Democrats Should Run on This
You are pretty much guaranteed not to read about this in the paper or hear about it on the news. But here it is, the Deal for All, that respects what the public wants, and what economists say is best of the economy. It also happens to reflect majority opinion.
Good policy is good politics, and Democrats should run on this now, so they can fight for this after the election.
This is the text of the resolution, H. Res. 733:
"Expressing the sense of the House of Representatives that any deal replacing the Budget Control Act of 2011 should contain serious revenue increases and no Medicare, Medicaid, and Social Security benefit cuts."
RESOLUTION Expressing the sense of Congress that any deal replacing the "Budget Control Act of 2011" must contain serious revenue increases and no Medicare, Medicaid, and Social Security benefit cuts.

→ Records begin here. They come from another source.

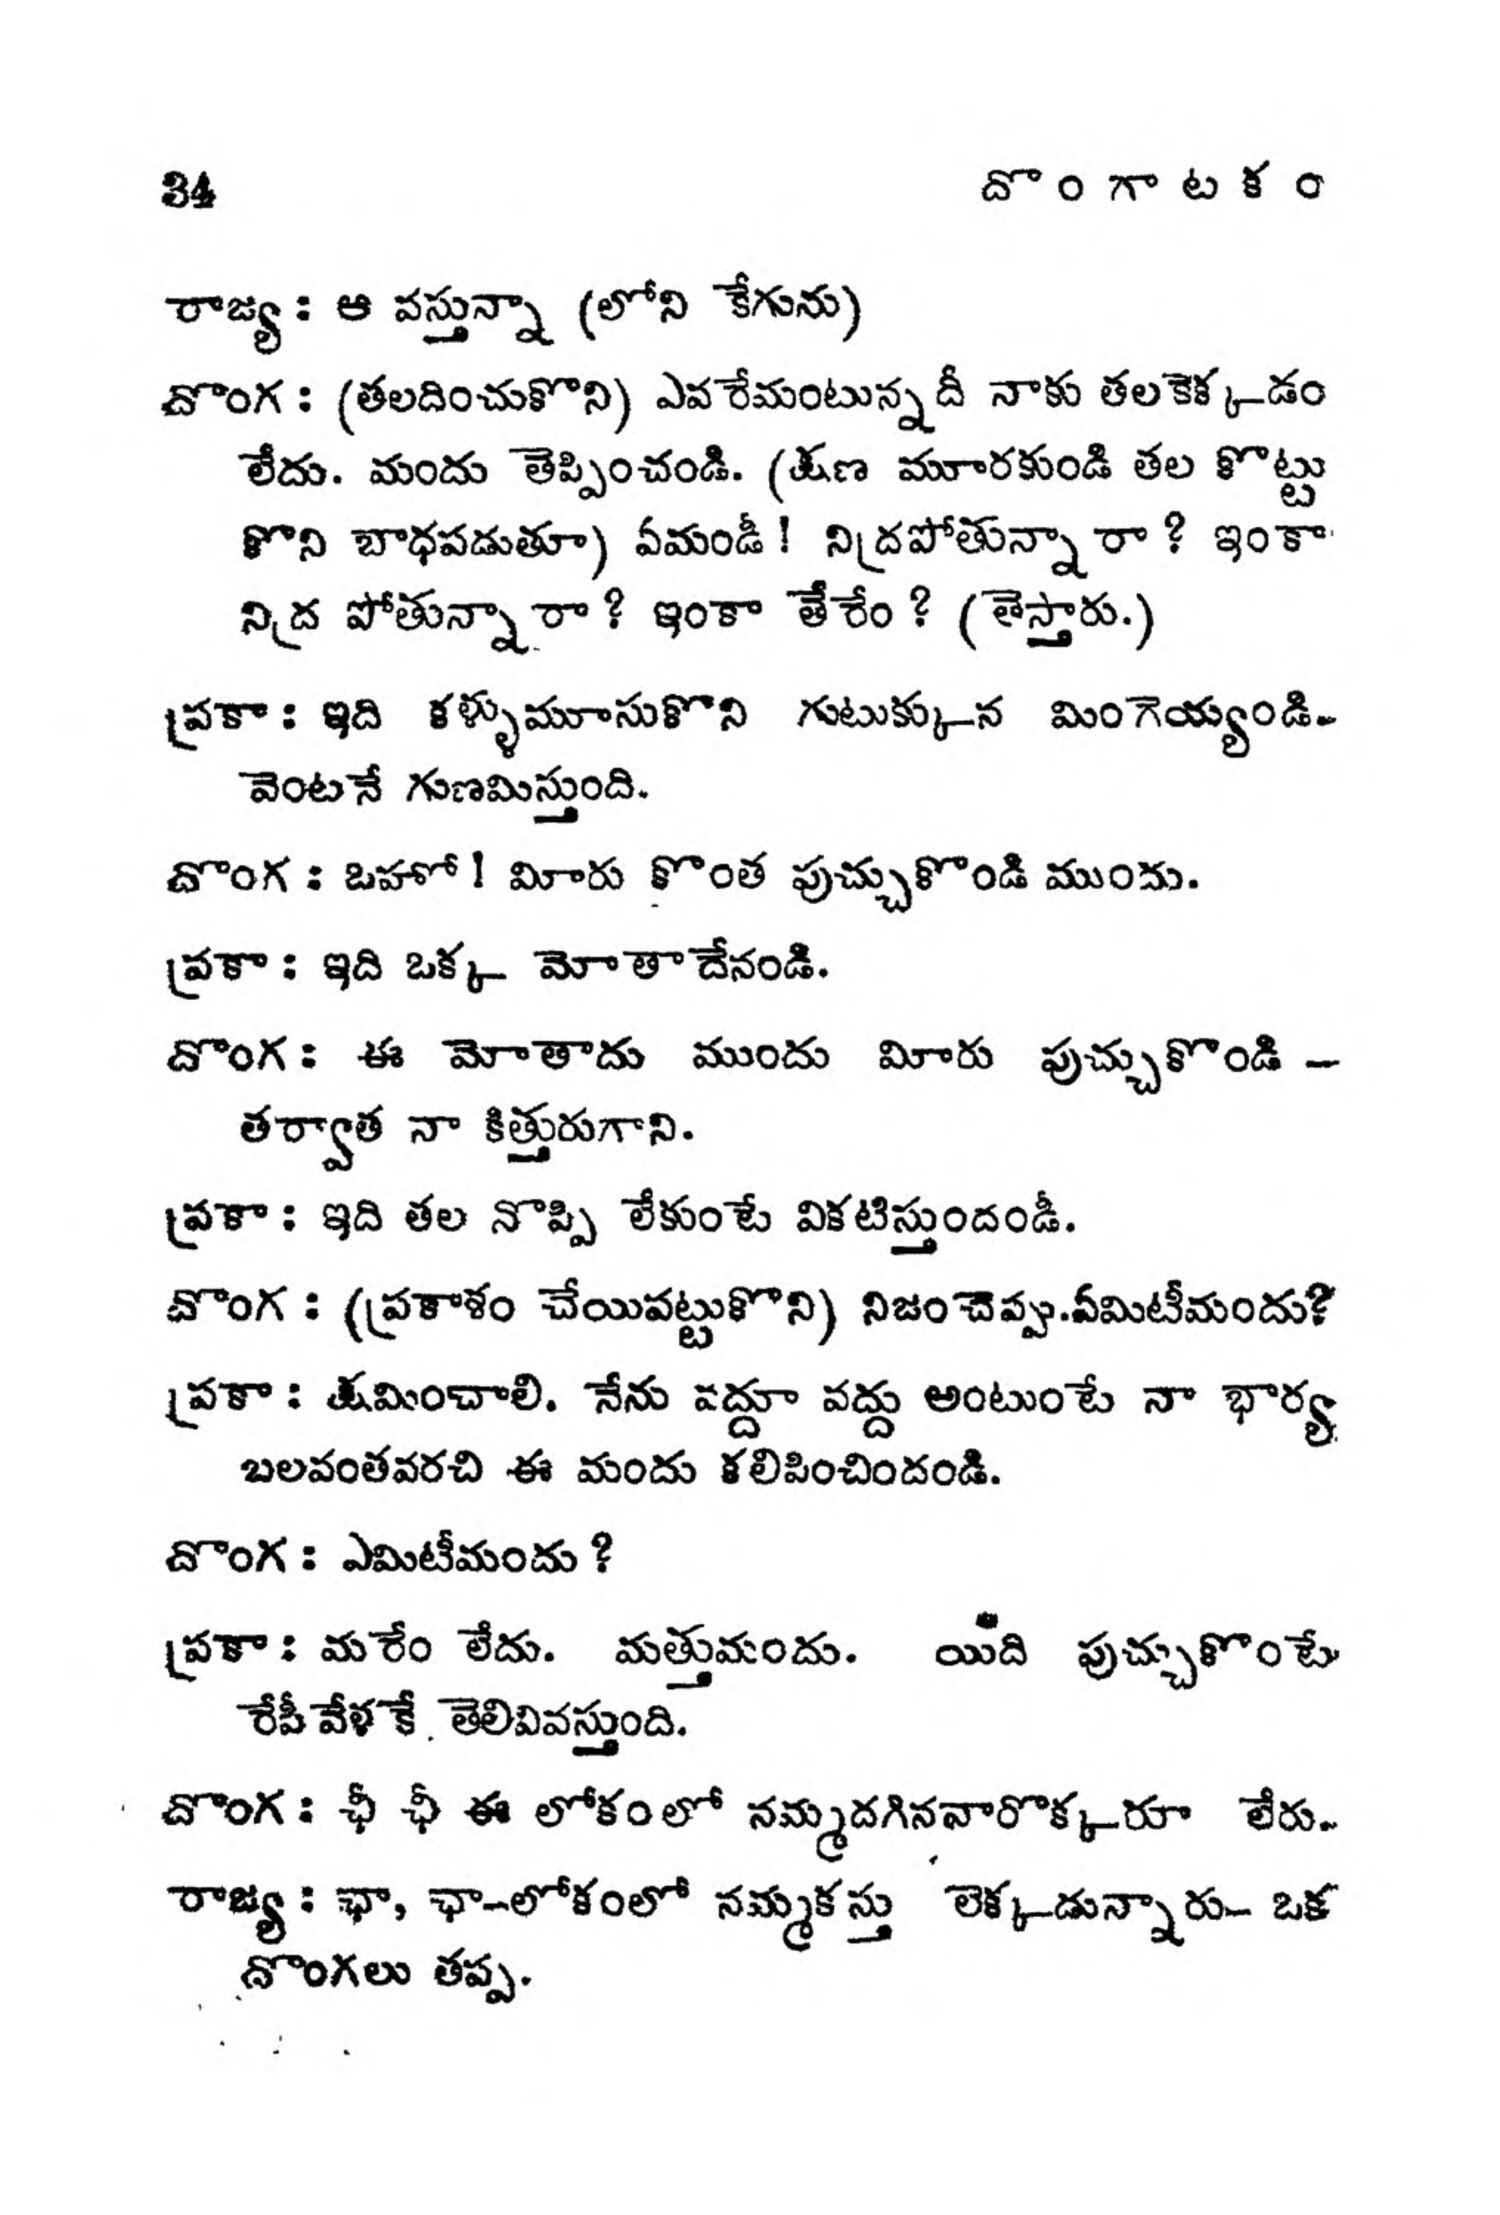రాజ్య : ఆ వస్తున్నా (లోని కేగును)

దొంగ : (తలదించుకొని) ఎవరేమంటున్నదీ నాకు తలకెక్కడం లేదు. మందు తెప్పించండి. (క్షణ మూరకుండి తల కొట్టుకొని బాధపడుతూ) ఏమండీ ! నిద్రపోతున్నారా? ఇంకా నిద్ర పోతున్నారా? ఇంకా తేరేం ? (తెస్తారు.)

ప్రకా : ఇది కళ్ళుమూసుకొని గుటుక్కున మింగెయ్యండి. వెంటనే గుణమిస్తుంది.

దొంగ : ఒహో ! మీరు కొంత పుచ్చుకొండి ముందు.

ప్రకా : ఇది ఒక్క మోతాదేనండి.

దొంగ : ఈ మోతాదు ముందు మీరు పుచ్చుకొండి - తర్వాత నా కిత్తురుగాని.

ప్రకా : ఇది తల నొప్పి లేకుంటే వికటిస్తుందండీ.

దొంగ : (ప్రకాశం చేయిపట్టుకొని) నిజంచెప్పు. ఏమిటీమందు?

ప్రకా : క్షమించాలి. నేను వద్దు వద్దు అంటుంటే నా భార్య బలవంతపరచి ఈ మందు కలిపించిందండి.

దొంగ : ఎమిటీమందు ?

ప్రకా : మరేం లేదు. మత్తుమందు. యిది పుచ్చుకొంటే రేపీవేళకే తెలివివస్తుంది.

దొంగ : ఛీ ఛీ ఈ లోకంలో నమ్మదగినవారొక్కరూ లేరు.

రాజ్య : ఛా, ఛా-లోకంలో నమ్మకస్తు లెక్కడున్నారు - ఒక దొంగలు తప్ప.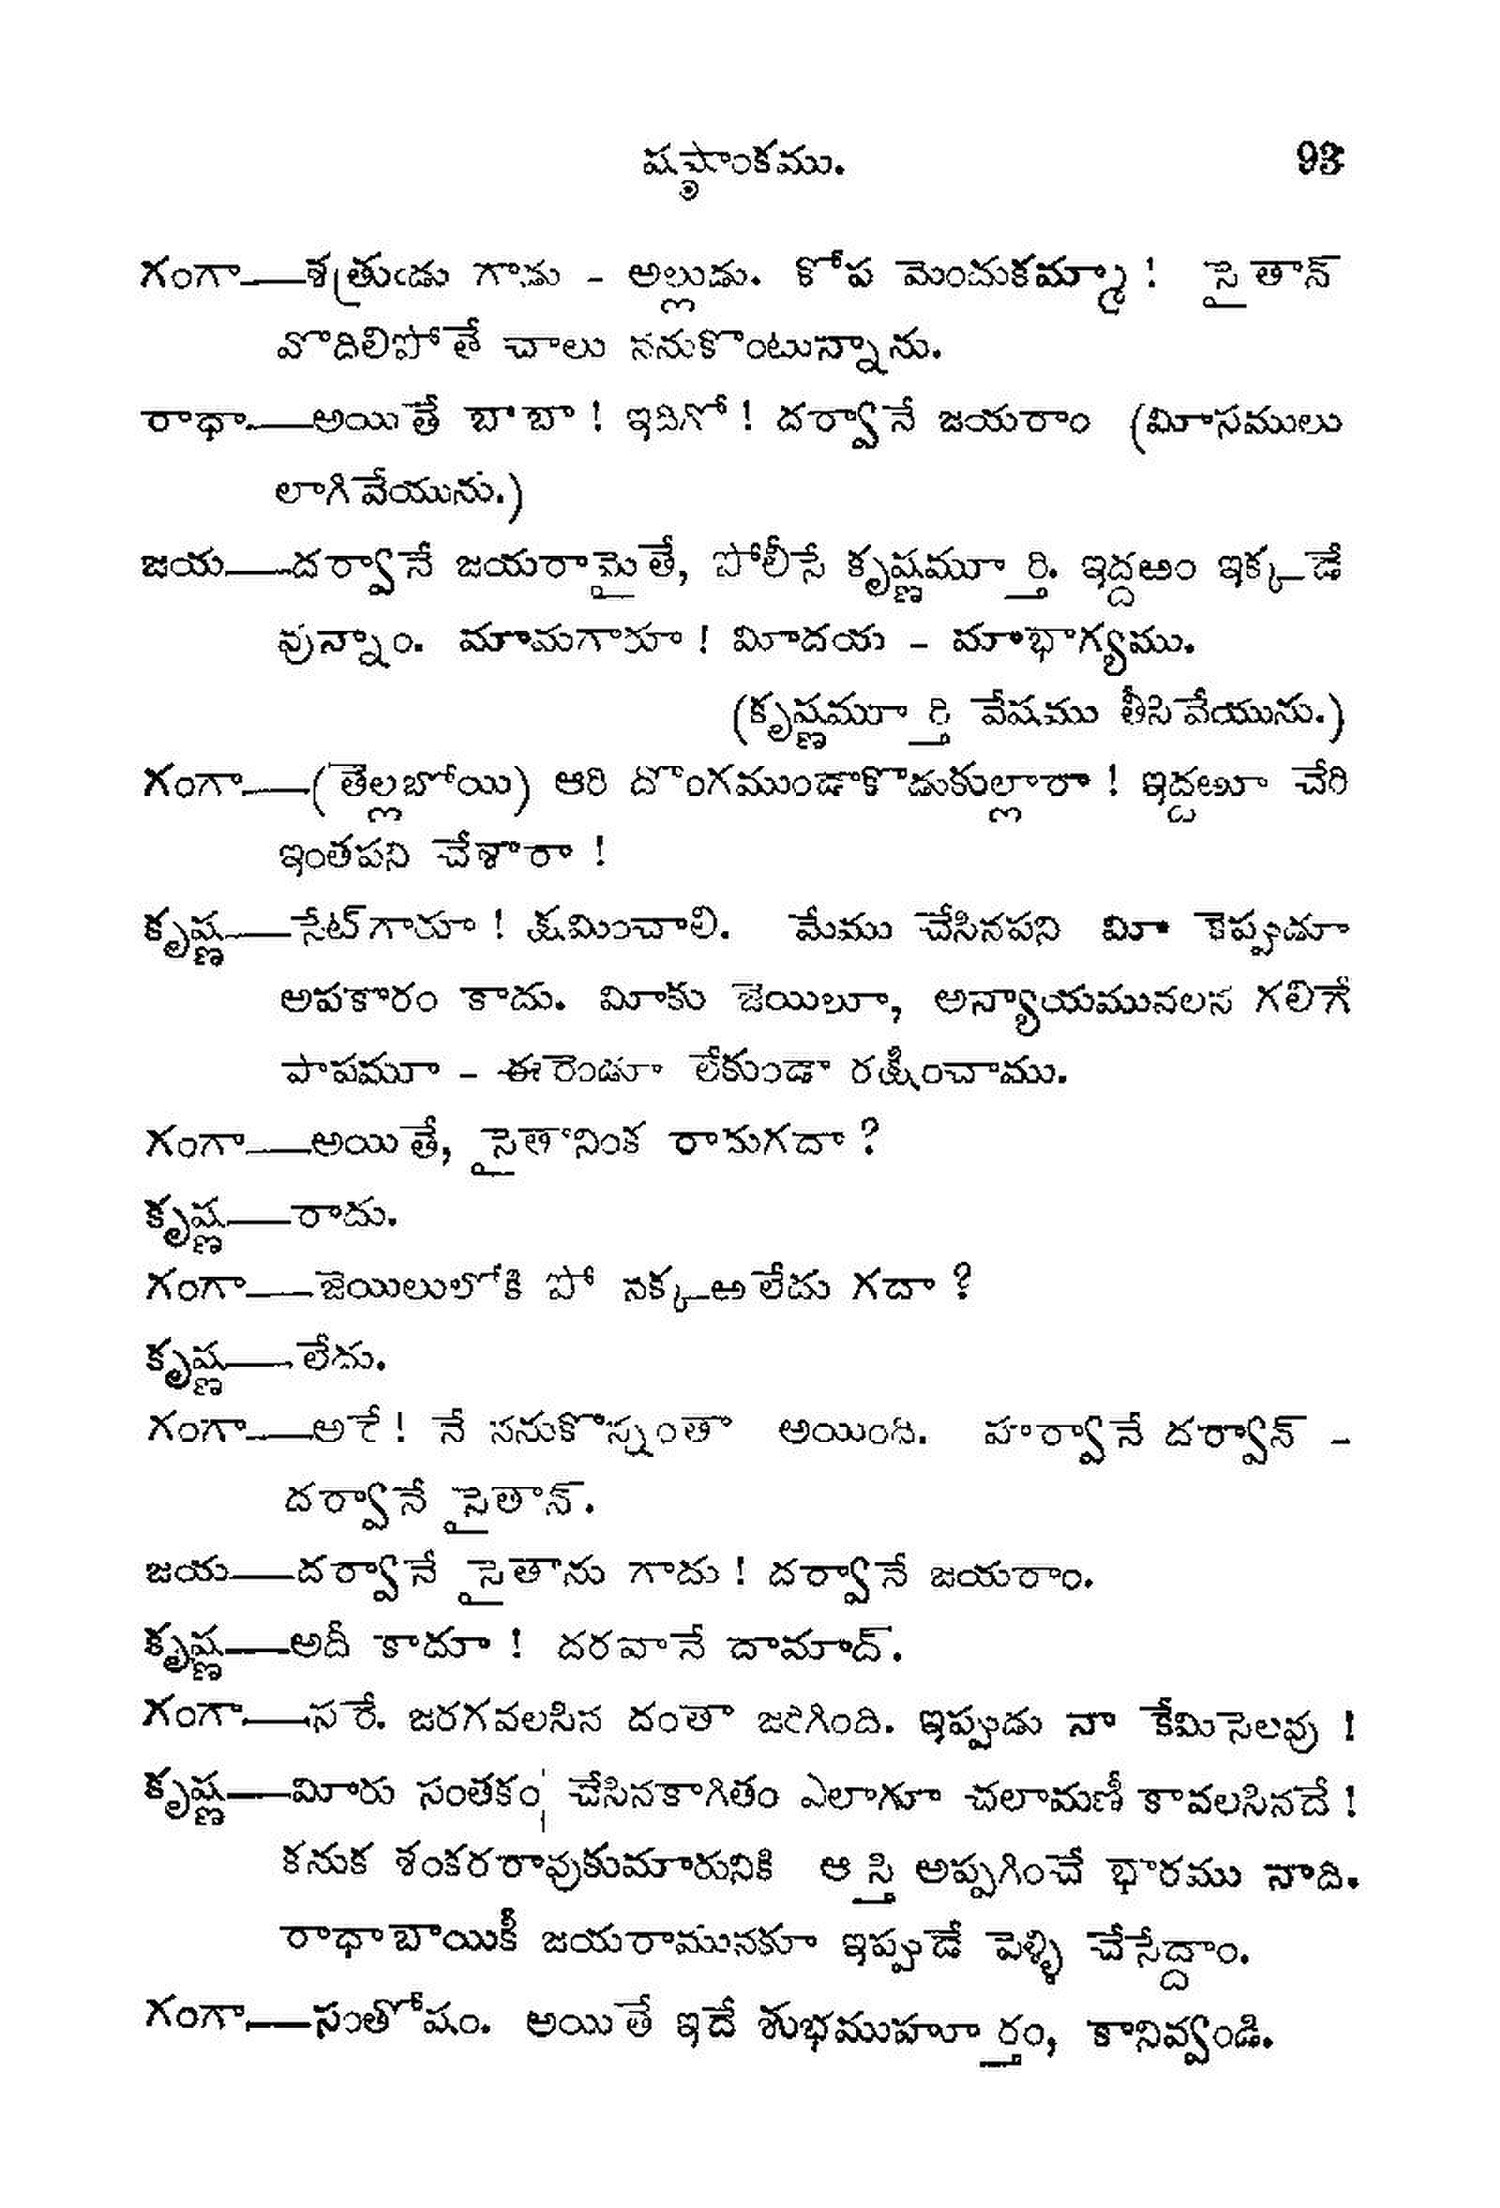గంగా - శత్రుఁడు గాడు - అల్లుడు. కోప మెందుకమ్మా! సైతాన్ వొదిలిపోతే చాలు ననుకొంటున్నాను.

రాధా - అయితే బాబా ! ఇదిగో ! దర్వానే జయరాం (మీసములు లాగివేయును.)

జయ - దర్వానే జయరామైతే, పోలీసే కృష్ణమూర్తి. ఇద్దఱం ఇక్కడే వున్నాం. మామగారూ ! మీదయ - మాభాగ్యము.

గంగా - ( తెల్లబోయి) ఆరి దొంగముండాకొడుకుల్లారా ! ఇద్దఱూ చేరి ఇంతపని చేశారా!

కృష్ణ - సేట్‌గారూ ! క్షమించాలి. మేము చేసినపని మీ కెప్పుడూ అపకారం కాదు. మీకు జెయిలూ, అన్యాయమువలన గలిగే పాపమూ - ఈరెండూ లేకుండా రక్షించాము.

గంగా - అయితే, సైతానింక రాదుగదా ?

కృష్ణ - రాదు.

గంగా - జెయిలులోకి పో నక్కఱలేదు గదా?

కృష్ణ - లేదు.

గంగా - అరే ! నే ననుకొన్నంతా అయింది. హర్వానే దర్వాన్ - దర్వానే సైతాన్.

జయ - దర్వానే సైతాను గాదు ! దర్వానే జయరాం.

కృష్ణ - అదీ కాదూ ! దరవానే దామాద్.

గంగా - సరే. జరగవలసిన దంతా జరిగింది. ఇప్పుడు నా కేమిసెలవు !

కృష్ణ — మీరు సంతకం చేసినకాగితం ఎలాగూ చలామణీ కావలసినదే ! కనుక శంకరరావు కుమారునికి ఆస్తి అప్పగించే భారము నాది. రాధాబాయికీ జయరామునకూ ఇప్పుడే పెళ్ళి చేసేద్దాం.

గంగా - సంతోషం. అయితే ఇదే శుభముహూర్తం, కానివ్వండి.

Whereas the start of sequestration under the "Budget Control Act of 2011" and the expiration of the tax cuts enacted under President George W. Bush may lead to a deal on taxes and spending;
Whereas Medicare is a cornerstone of the American health care system and a vital part of life for more than 40 million American seniors and more than 8 million Americans with disabilities;
Whereas Medicaid provides health and long-term care services for low-income and middle-class families with family members stricken with catastrophic illness, injury, or disability, or facing prolonged infirmity;
Whereas Social Security provides vital protections for people of all ages in 1 of every 4 families, including 36 million retired workers, 8.6 million disabled workers, 6.3 million survivors of deceased workers, and 6.5 million children, and since it has $2.7 trillion in accumulated assets and no borrowing authority, does not contribute to the Federal budget deficit;
Whereas unemployment levels are still unacceptably high and federal investments in areas such as infrastructure, education, research, nutrition, housing, and services struggling Americans depend on grow the economy and create jobs;
Whereas extending the tax cuts enacted under President George W. Bush would increase the deficit by $3.3 trillion over ten years;
Whereas long-term unsustainable deficits pose a threat to the social safety net;
Whereas defense spending, not counting two off-budget wars, has doubled over the last decade, failing to responsibly reduce our national debt by cutting outdated defense programs and by addressing billions of dollars lost to waste, fraud, and abuse;
Whereas the unbalanced "Bowles-Simpson" proposal contains unacceptable cuts of $402 billion from Medicare and Medicaid over ten years, and substantial Social Security cuts for current and future beneficiaries; and
Whereas working and middle class Americans have been working harder and harder for less and less: Now, therefore, be it
Resolved, That it is the sense of the House of Representatives that any deal on taxes and spending to replace the Budget Control Act --
(1) must not cut Medicare, Medicaid, or Social Security benefits;
(2) must contain serious revenue increases, including closing corporate tax loopholes and increasing individual income tax rates for the highest earners;
(3) must significantly reduce defense spending to focus our armed forces on combating 21st century risks; and
(4) must promote economic growth and expand economic opportunity by including strong levels of job-creating federal investments in areas such as infrastructure and education, and by promoting private investment.
Once again, good policy is good politics. All Democrats should embrace this Deal for All. They should campaign on it, and they should pledge to stick to these principles in the budget fight that will follow the election.